The Disk Space values are in GB; Disk Space is for both the container and the model; Profile is for what the model is optimized.

GPU	Precision	Profile	# of GPUs	Disk Space
H100	FP8	Latency	4	7.16
H100	FP8	Throughput	2	7.06
H100	FP16	Latency	4	13.82
H100	FP16	Throughput	2	13.54
A100	FP16	Throughput	4	13.82
A100	FP16	Throughput	2	13.54
L40S	FP16	Throughput	4	13.82

Non-optimized configuration#

The GPU Memory and Disk Space values are in GB; Disk Space is for both the container and the model.

GPUs	GPU Memory	Precision	Disk Space
Any NVIDIA GPU with sufficient GPU memory or multiple, homogeneous NVIDIA GPUs with sufficient aggregate memory, compute capability > 7.0 (8.0 for bfloat16), and at least one GPU with 95% or greater free memory	24	FP16	16

Mistral-NeMo-12B-Instruct#

Optimized configurations#

The Disk Space values are in GB; Disk Space is for both the container and the model; Profile is for what the model is optimized.

The GPU Memory values are in GB; the Disk Space values are in GB; Disk Space is for both the container and the model; Profile is for what the model is optimized.

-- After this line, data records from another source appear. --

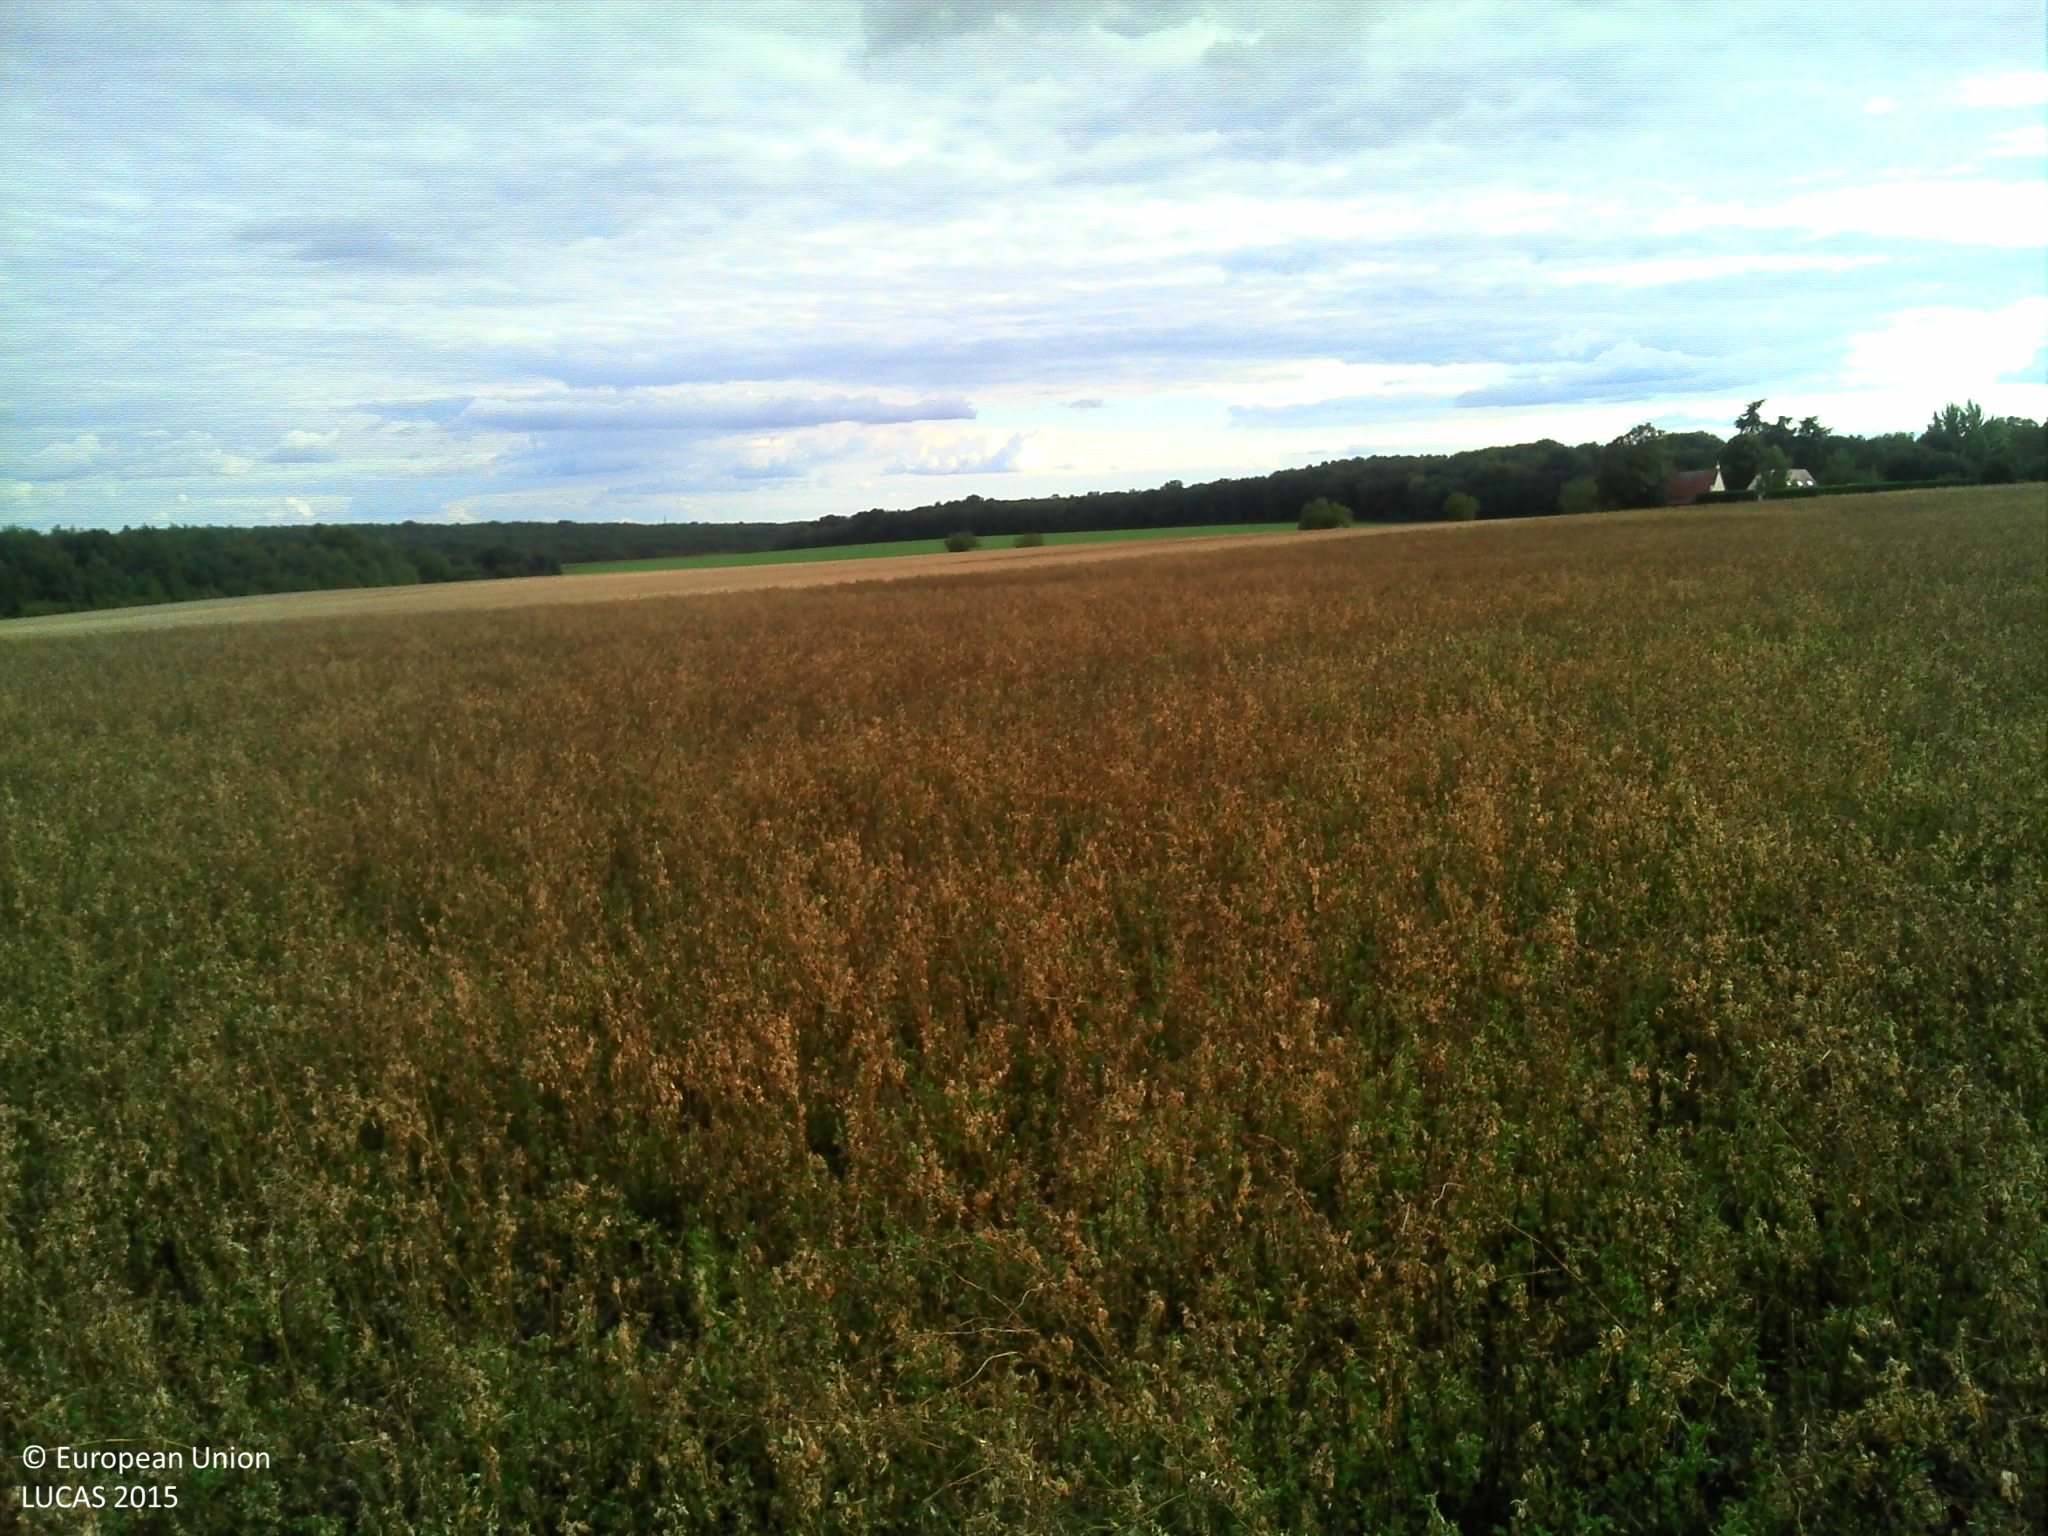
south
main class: Cropland
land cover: Lucerne
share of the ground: > 75 %
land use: Agriculture (excluding fallow land and kitchen gardens)
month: September
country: FR
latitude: 46.8833
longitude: 1.5243
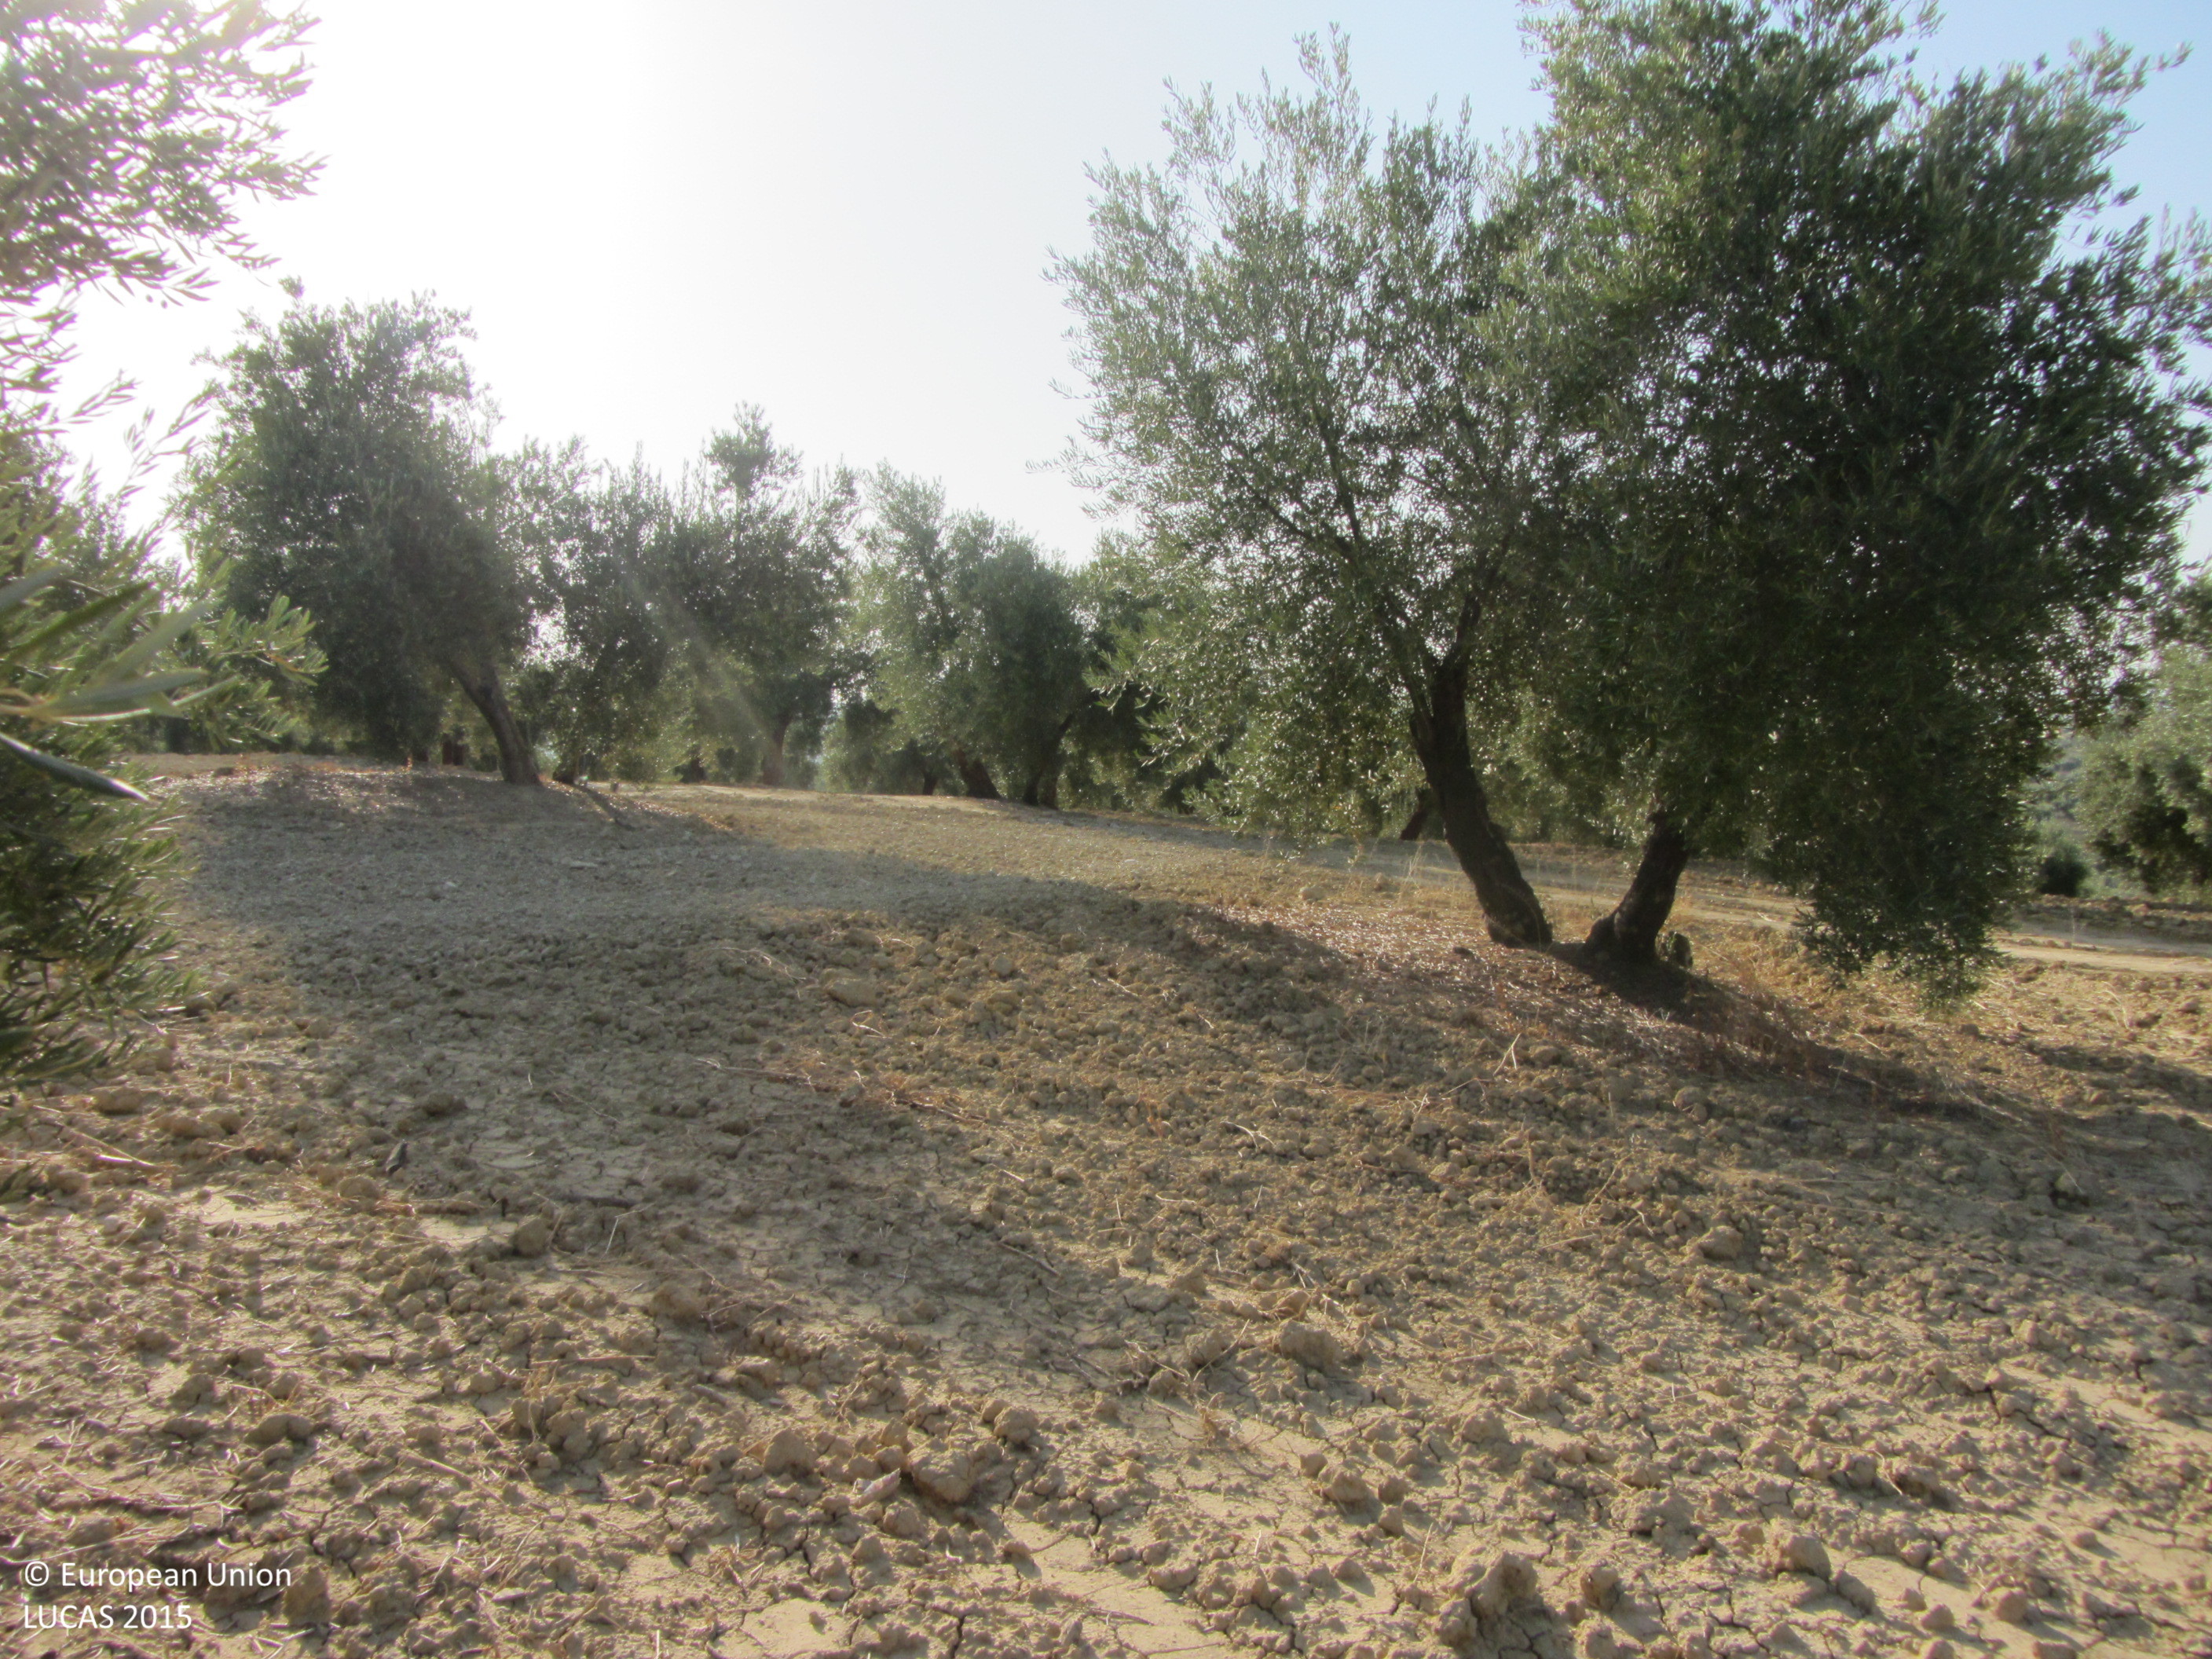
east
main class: Cropland
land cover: Olive groves
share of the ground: 25 - 50 %
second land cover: Other bare soil
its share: > 75 %
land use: Agriculture (excluding fallow land and kitchen gardens)
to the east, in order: Olive groves; Other bare soil; Tracks; Olive groves
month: July
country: ES
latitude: 37.9442
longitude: -4.1980
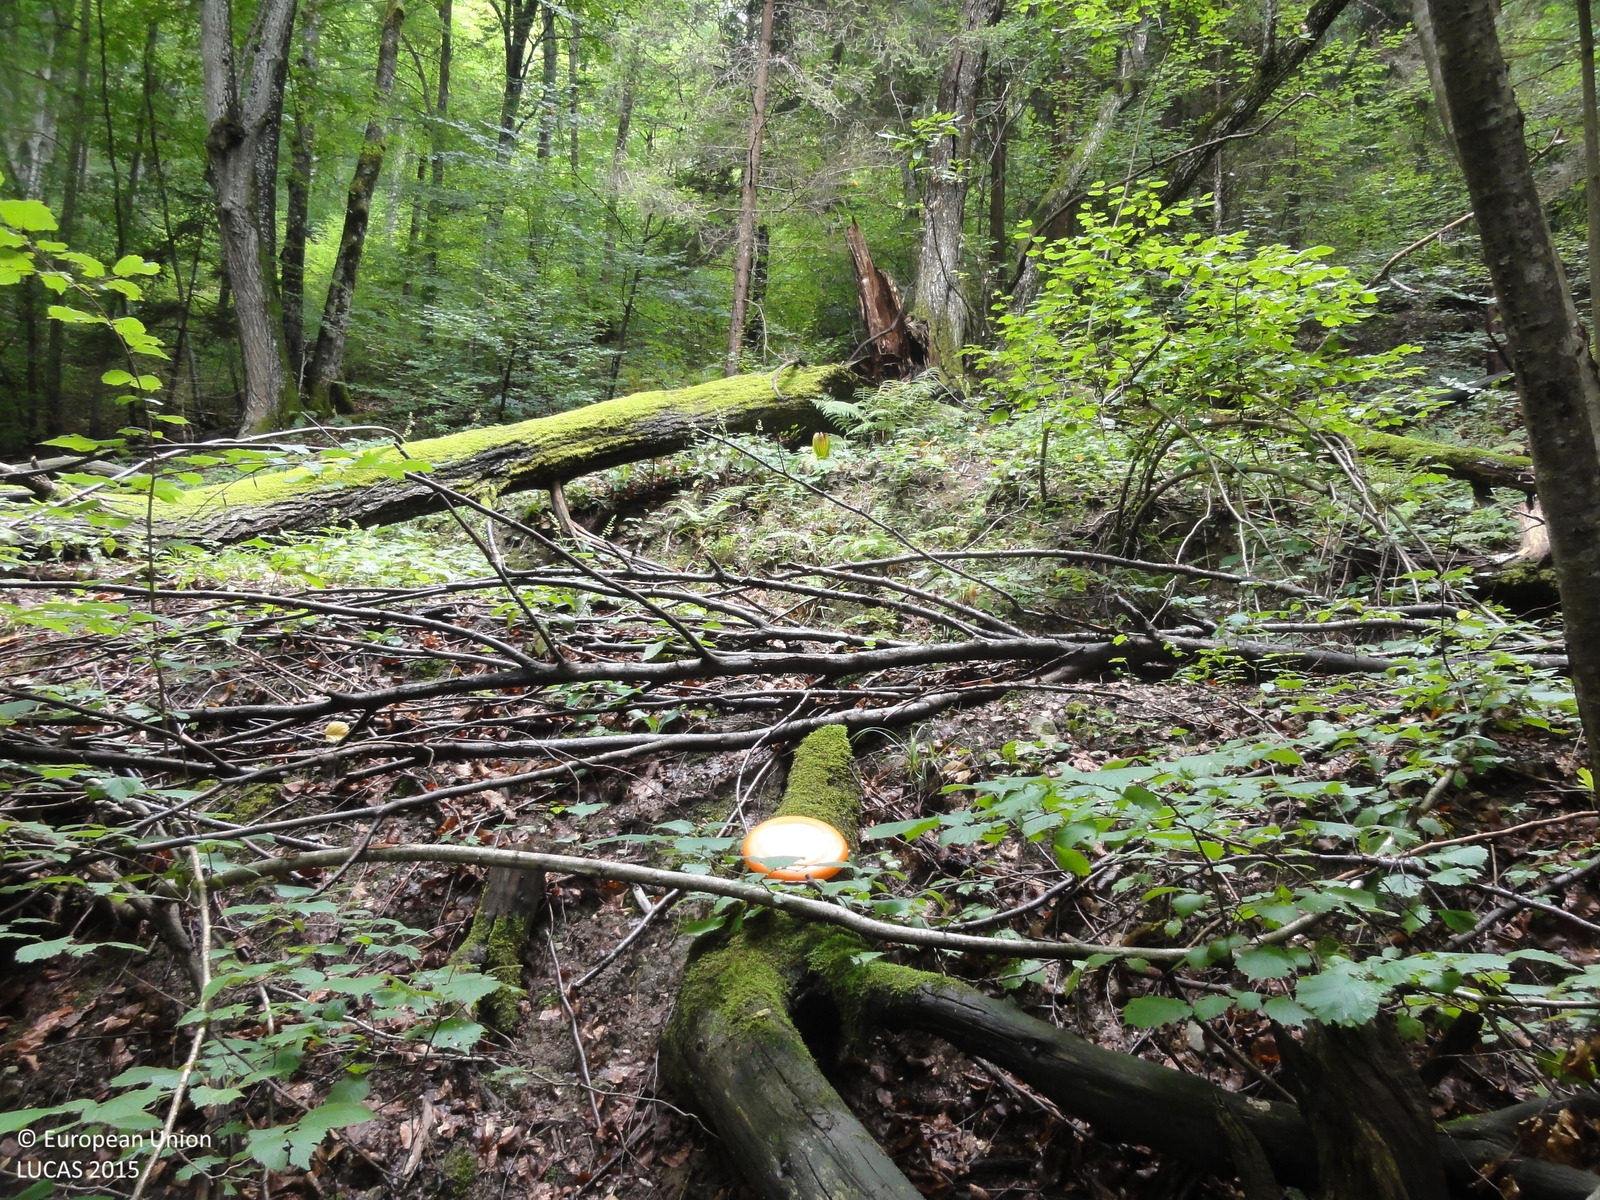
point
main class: Woodland
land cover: Broadleaved woodland
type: beech forest
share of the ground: > 75 %
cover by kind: broadleaved forest trees 90 %, coniferous forest trees 10 %
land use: Forestry
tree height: > 5 m
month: August
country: SI
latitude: 45.6704
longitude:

GPU	Precision	Profile	# of GPUs	Disk Space
H100	FP16	Throughput	1	23.35
H100	FP16	Latency	2	25.14
H100	FP8	Latency	2	13.82
A100	FP16	Throughput	1	23.35
A100	FP16	Latency	2	25.14
L40S	FP16	Throughput	2	25.14
L40S	FP16	Latency	4	28.71
L40S	FP8	Throughput	2	13.83
L40S	FP8	Latency	4	15.01
A10G	FP16	Throughput	4	28.71
A10G	FP16	Latency	4	35.87

Non-optimized configuration#

Any NVIDIA GPU with sufficient GPU memory or multiple, homogeneous NVIDIA GPUs with sufficient aggregate memory, compute capability > 7.0 (8.0 for bfloat16), and at least one GPU with 95% or greater free memory.

Mixtral-8x22B-v0.1#

Optimized configurations#

The Disk Space values are in GB; Disk Space is for both the container and the model; Profile is for what the model is optimized.

GPU	Precision	Profile	# of GPUs	Disk Space
H100	FP8	Throughput	8	132.61
H100	Int4wo	Throughput	8	134.82
H100	FP16	Throughput	8	265.59
A100	FP16	Throughput	8	265.7

Nemotron 4 340B Instruct#

Optimized configurations#

The Profile is for what the model is optimized.

GPU	Precision	Profile	# of GPUs
H100	FP16	Latency	16
A100	FP16	Latency	16

Non-optimized configuration#

Any NVIDIA GPU with sufficient GPU memory or multiple, homogeneous NVIDIA GPUs with sufficient aggregate memory, compute capability > 7.0 (8.0 for bfloat16), and at least one GPU with 95% or greater free memory.